Browning is considered an "expert on vampires specializing in the Dracula figure in film, literature, television, and popular culture". [3] His works expound upon Dracula, horror, vampires, the supernatural, the un-dead, Bram Stoker, and gothic and cultural theory. Browning has appeared as an expert scholar on multiple documentary television series and consulted a number of other productions behind the scenes, including: National Geographic Channel's Taboo USA , [4] Discovery Channel's William Shatner's Weird or What? , [5] the seven-part AMC documentary series Eli Roth's History of Horror , and History Channel's The UnXplained .
For his book Dracula in Visual Media, Browning documented over 700 "domestic and international Dracula films, television programs, documentaries, adult features, animations, and video games . . . [as well as] nearly 1000 domestic and international comic book titles and stage adaptations". [6] For the book, Browning won the Lord Ruthven Award, an award for deserving work in vampire fiction or scholarship. [7] The book was also nominated for the Rondo Hatton Classic Horror Award (often called the Rondo Award) for Book of the Year in 2011, [8] as was his book The Vampire; or, Detective Brand's Greatest Case in 2023 for Best Classic Horror Fiction, co-edited with Gary D. Rhodes. [9]
Browning earned his B.A. from Florida State University and then his M.A. at the University of Central Oklahoma. He completed all his English doctoral coursework at Louisiana State University before transferring to American Studies at the University at Buffalo, The State University of New York (SUNY-Buffalo), where he studied under Michael H. Frisch, Bruce Jackson, Sarah Elder, and Donald A. Grinde, Jr. [10]
At SUNY-Buffalo, Browning received an Arthur A. Schomburg Fellowship in the Department of Transnational Studies. While there, Browning continued his doctoral studies and served as an adjunct instructor in English. [11] One of the courses Browning taught at SUNY-Buffalo was "A Cultural History of the Walking Dead," a fifteen-week course. [12] The course drew on Richard Matheson's novel I Am Legend as well as the films of George A. Romero. [13] While teaching at the Georgia Institute of Technology, Browning lectured on vampires, zombies, and monsters, [14] as well as on Slasher cinema in a course entitled, "The Slasher Film: Gender, Disability, and Transgression." [15]
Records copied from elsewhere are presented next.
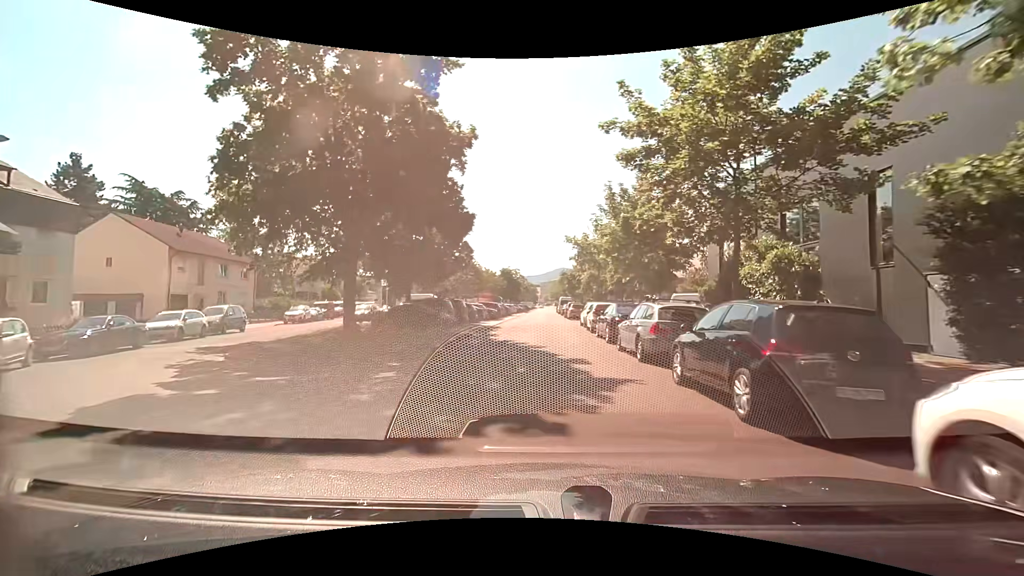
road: residential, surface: asphalt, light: Day
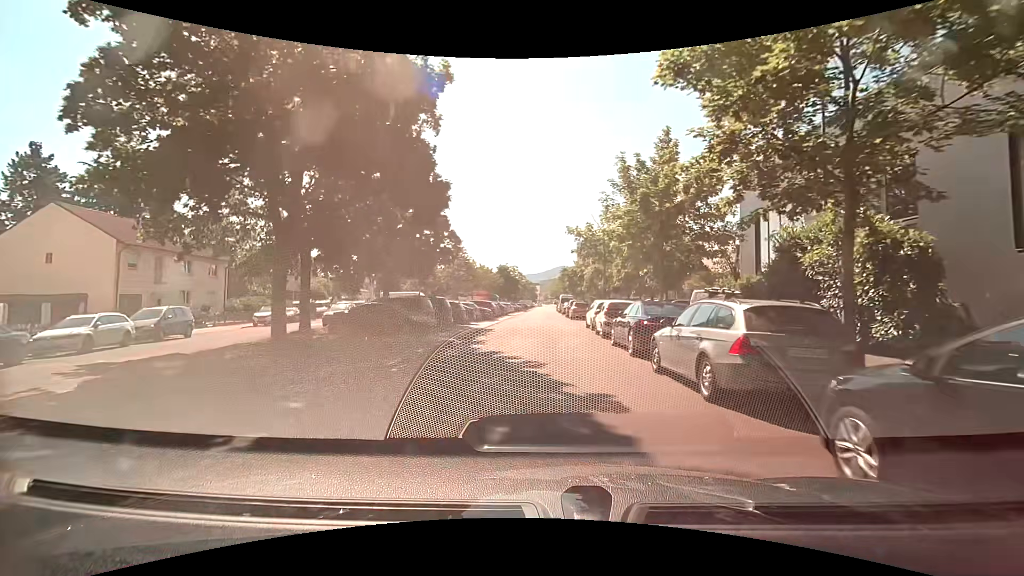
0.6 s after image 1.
(0.0, +4.9) m; 0°
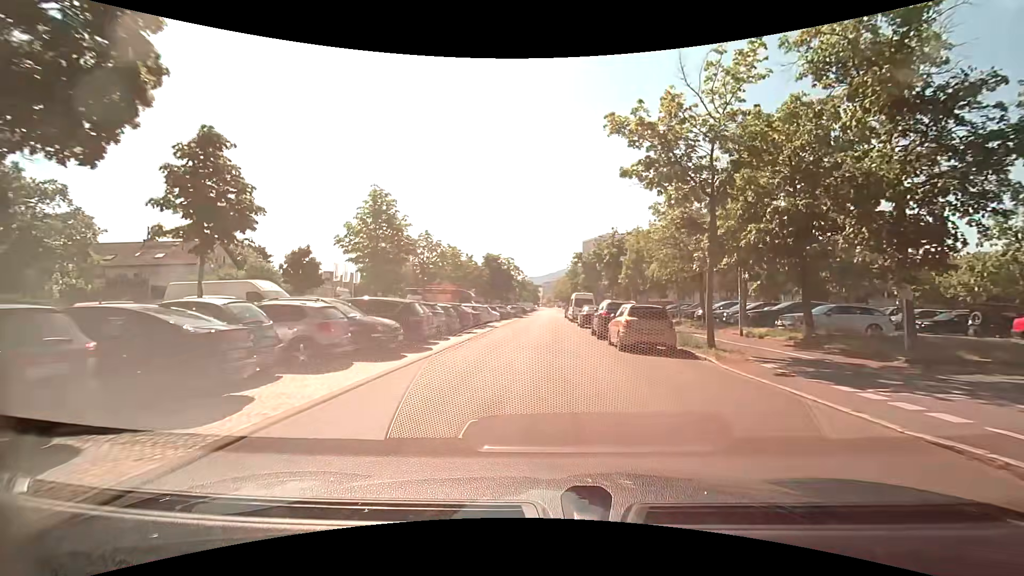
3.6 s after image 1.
(-0.3, +25.9) m; 0°
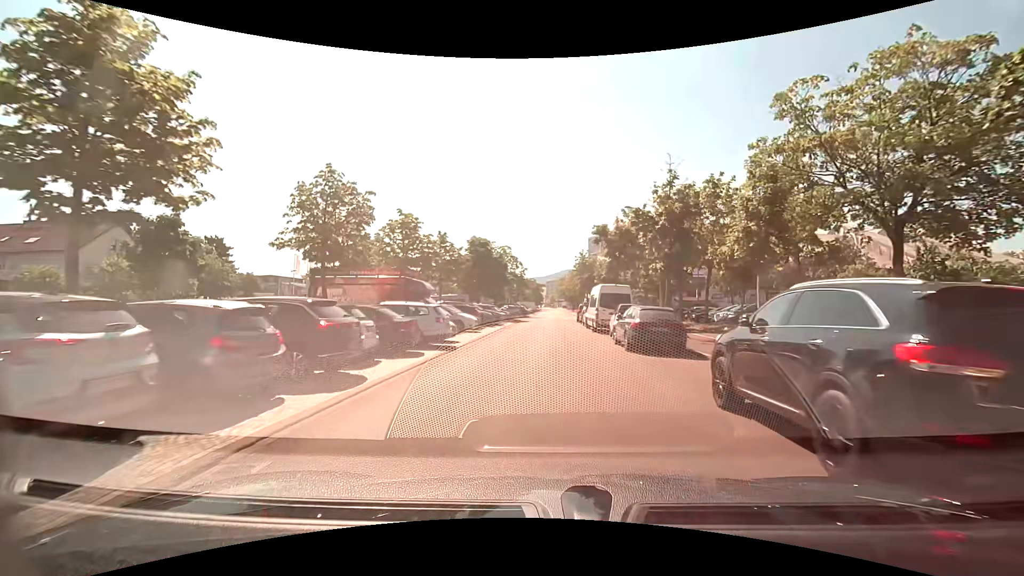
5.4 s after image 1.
(-0.3, +17.0) m; -1°
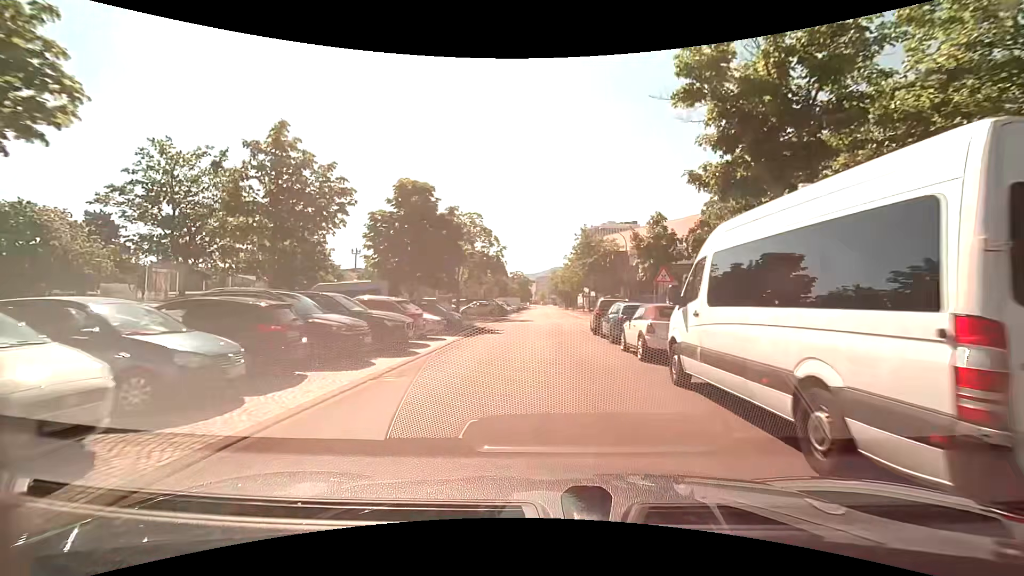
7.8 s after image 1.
(+0.2, +23.0) m; +1°
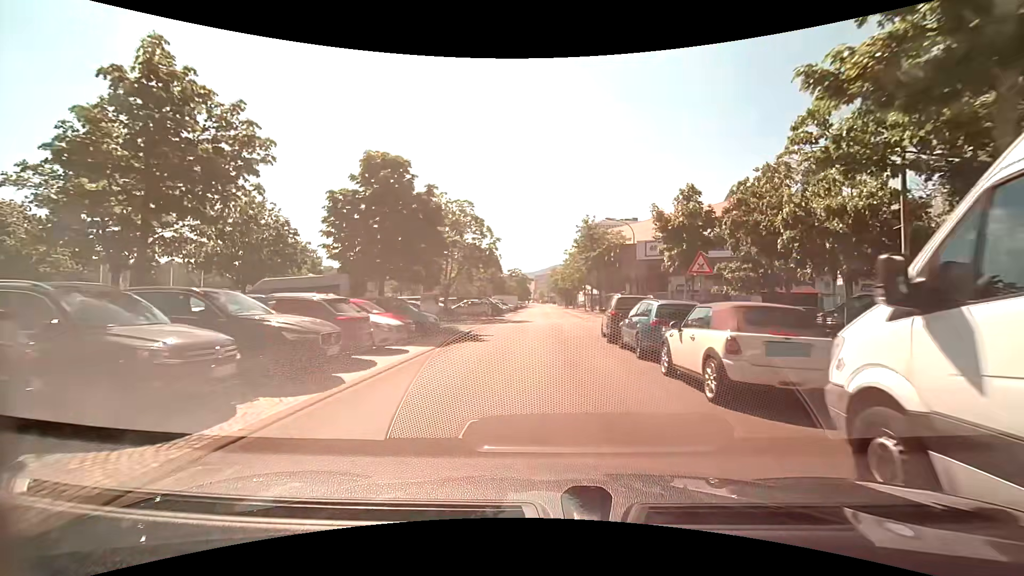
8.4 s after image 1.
(0.0, +5.1) m; 0°
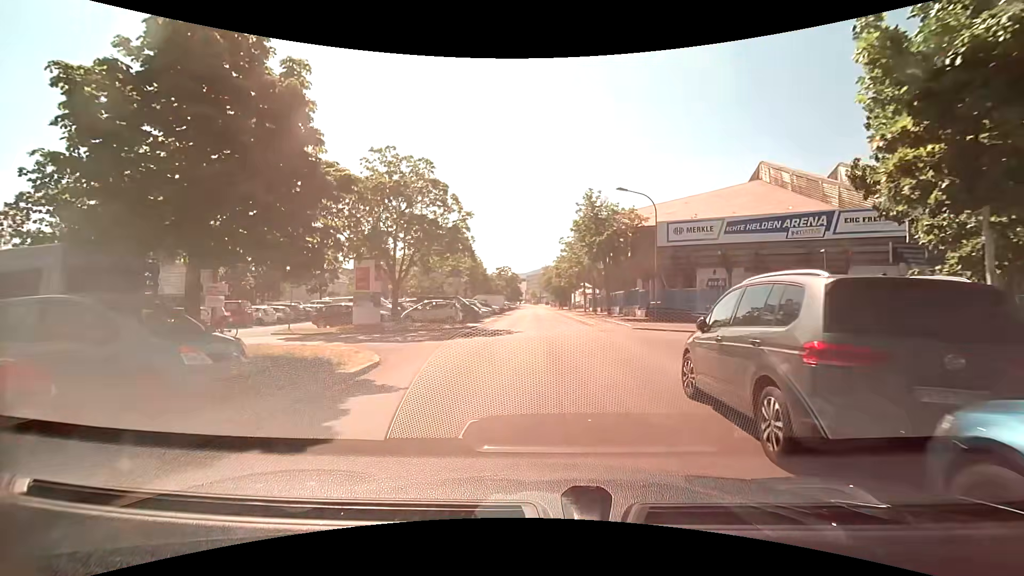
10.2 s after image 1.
(+0.1, +12.3) m; +1°
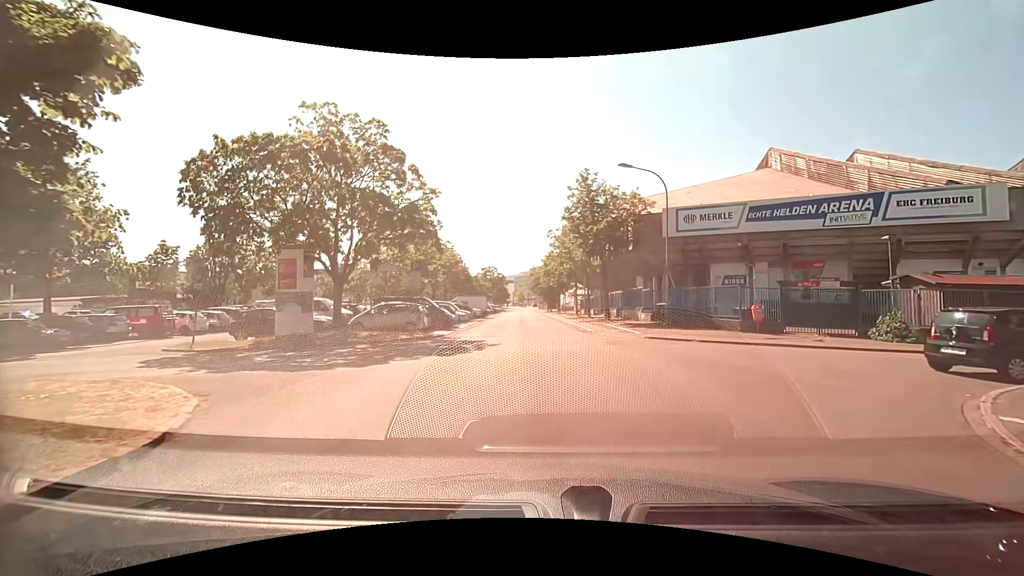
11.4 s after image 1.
(0.0, +6.5) m; 0°
(0, +10) (+1, +20) (+1, +30) (0, +40) (0, +50) (0, +60) (-1, +70) (-1, +80) (-1, +90) (-2, +100) m

For part of his doctoral dissertation, Browning conducted, over a period of two years, an ethnographic study of people who self-identify as vampire in New Orleans. [16] Browning's fieldnotes recount the experience: "On the eve of the second Tuesday of every month, I have become, to the watchful bystander, a familiar presence in the French Quarter. Flying through the dusky sky over Bourbon Street, as I strolled along casually, were fast, sweeping brown bats: An homage, maybe, to the business of interviewing vampires? To my side hung the trusty brown leather satchel that housed my pen and paper, and digital voice recorder. I left politely at home, of course, the crucifix I didn't actually own, and the short wooden stake carved for me by an older brother when I was younger. For indeed the vampires with whom I was meeting tonight were not prisoners of lore and legend: theirs was a new lore, and they were becoming very quickly their own legend." [17] Browning extended his ethnographic fieldwork to include real vampires living in Buffalo, NY.
For an op-ed in Deep South Magazine entitled Conversations with Real Vampires, Browning's notes further recount the experience: "We are meeting an hour later than usual for the third month in a row, because the sun, during the summer months, sets closer to 9 instead of 8. Tonight, I will ask for the first time if I can watch them feed." [18] Browning has more recently elaborated on his experiences in Palgrave Communications , [19] The Conversation UK , [20] twice in Discover (magazine) [21] and The Atlantic. [22]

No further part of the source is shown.